The findings focus on the global theme “contextual risk factors and characteristics of substance-related acute toxicity death”. Four organizing themes were identified from the global theme: (1) Who is experiencing a substance-related acute toxicity death?; (2) Who is present at the time of death?; (3) Why are people experiencing a substance-related acute toxicity death?; and (4) What are the social contextual factors contributing to deaths? The global, organizing and basic themes are shown in Figure 2 as a thematic map.

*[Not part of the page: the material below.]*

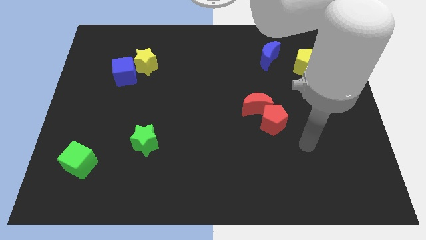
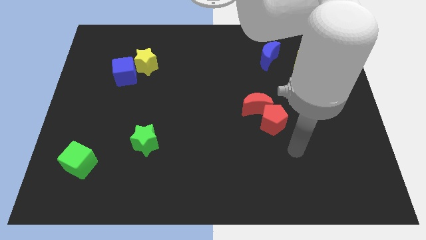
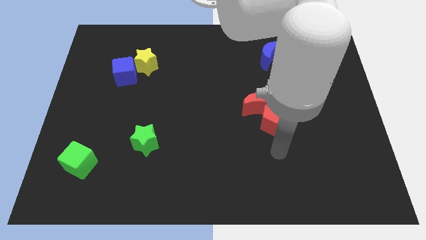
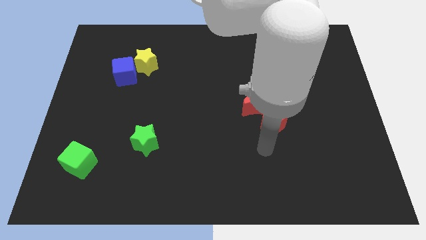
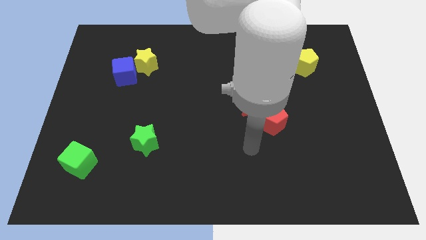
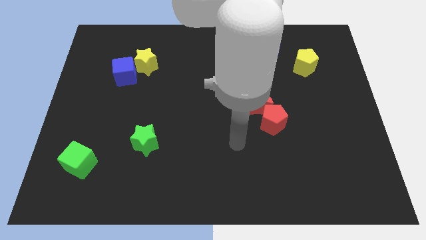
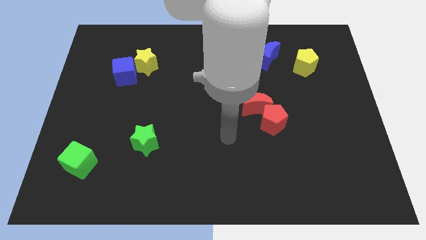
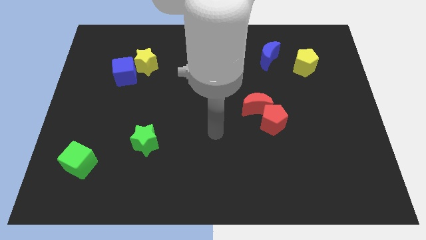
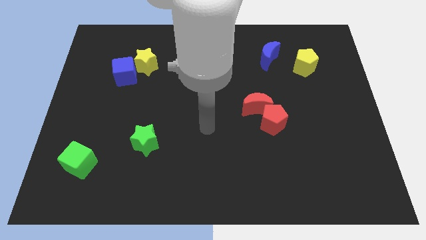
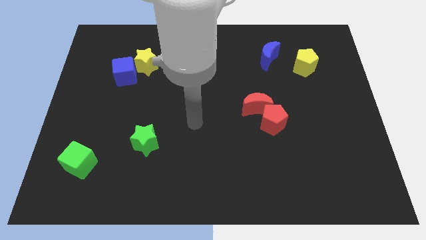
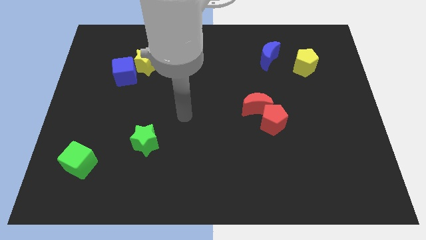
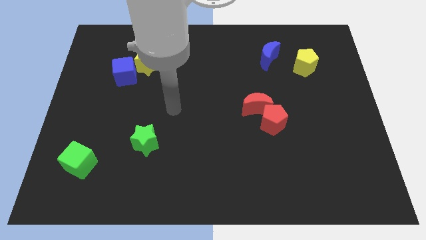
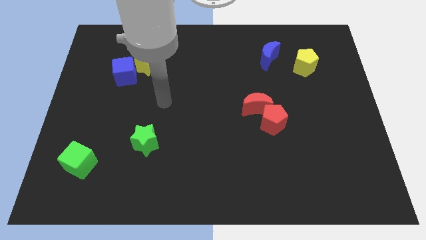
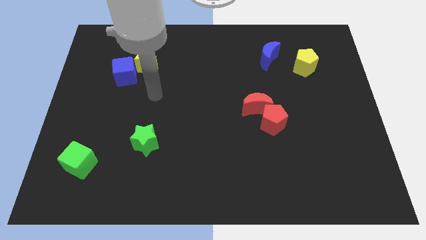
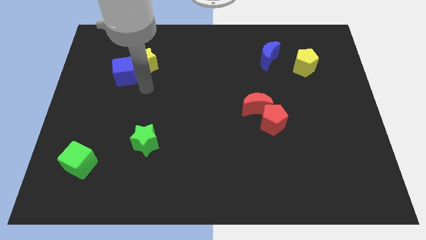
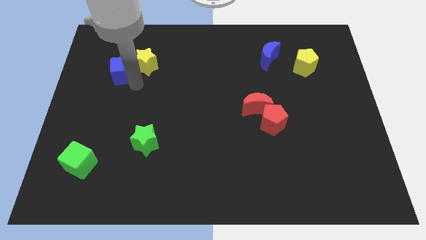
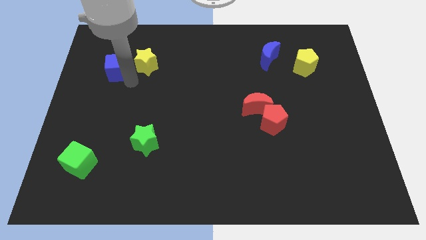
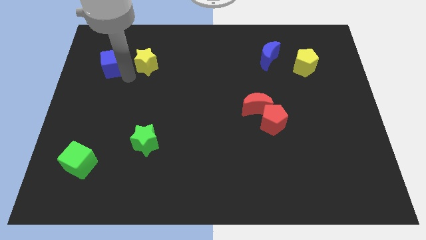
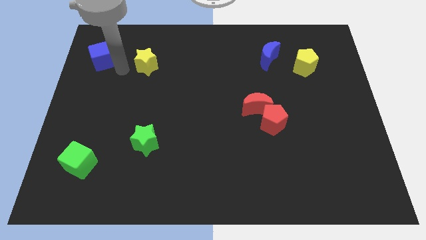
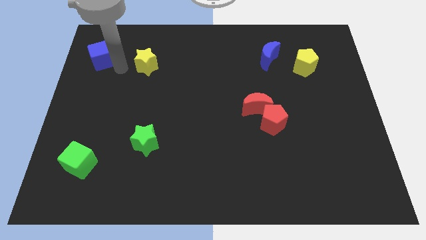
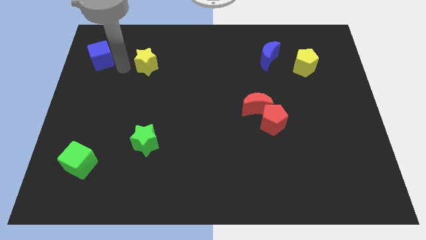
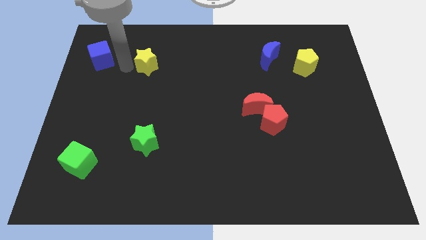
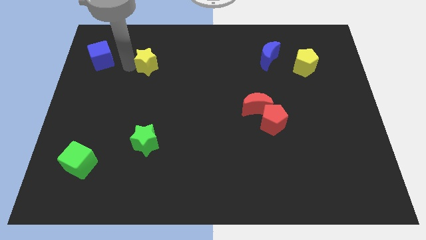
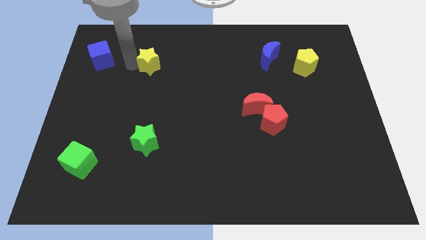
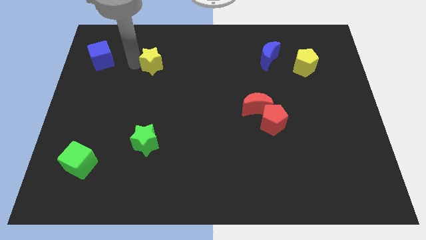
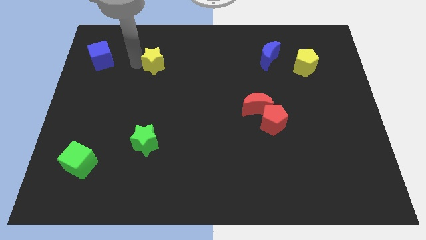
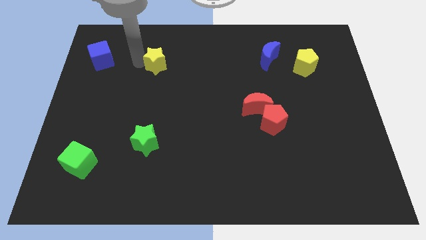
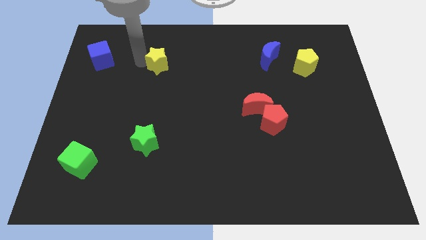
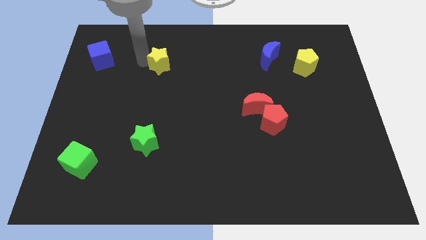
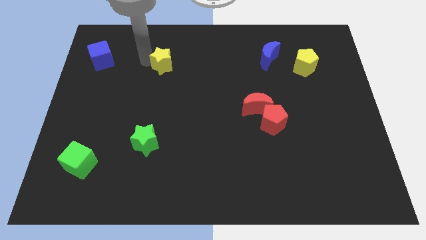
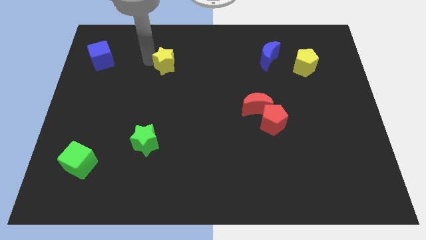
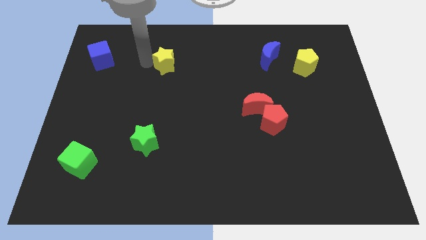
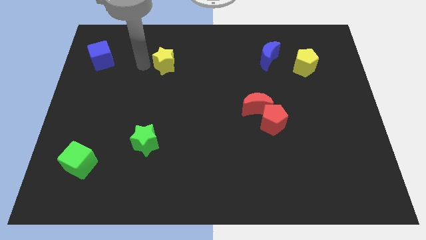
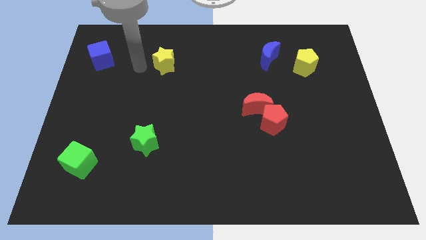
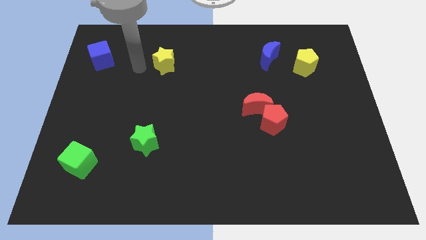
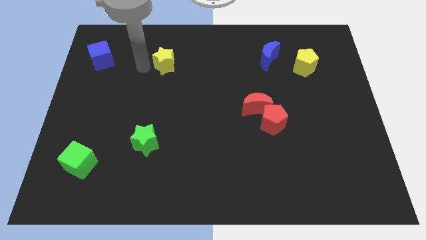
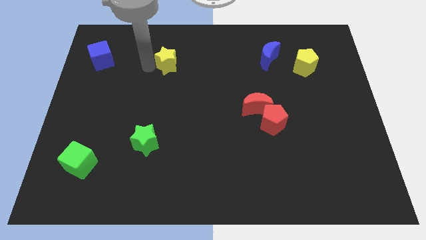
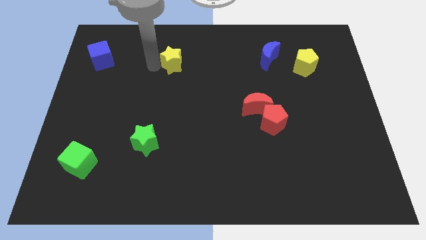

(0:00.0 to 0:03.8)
slightly slide the yellow star to the right

Figure 2. Contextual risk factors and characteristics thematic map
Figure 2. Text version below.
Figure 2 - Text description

This figure depicts the thematic map of the findings.

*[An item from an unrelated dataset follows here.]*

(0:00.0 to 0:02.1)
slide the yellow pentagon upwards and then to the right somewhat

The largest bubble, presenting the global theme, contains the text “Contextual risk factors and characteristics.”

The four slightly smaller bubbles connected to this large bubble present the organizing themes, each of which has a number of even smaller bubbles presenting the basic themes, in the following fashion:

  • Organizing theme: “Who is experiencing an overdose death?”
    • Basic theme: “Crossing demographic & socioeconomic groups”
    • Basic theme: “First time use”
    • Basic theme: “Occasional use”
    • Basic theme: “Chronic use”
    • Basic theme: “People with chronic pain”
  • Organizing theme: “What are the social contextual factors contributing to overdose deaths?”
    • Basic theme: “Mental health”
    • Basic theme: “Stigma”
    • Basic theme: “Lack of support”
    • Basic theme: “Lack of follow-up from health care”
  • Organizing theme: “Who is present at the time of overdose death?”
    • Basic theme: “Consuming substances alone”
    • Basic theme: “Consuming substances with/around others”
  • Organizing theme: “Why are people experiencing an overdose death?”
    • Basic theme: “Unknown substances”
    • Basic theme: “Substance use disorder”
    • Basic theme: “History of chronic pain”
    • Basic theme: “Decreased drug tolerance”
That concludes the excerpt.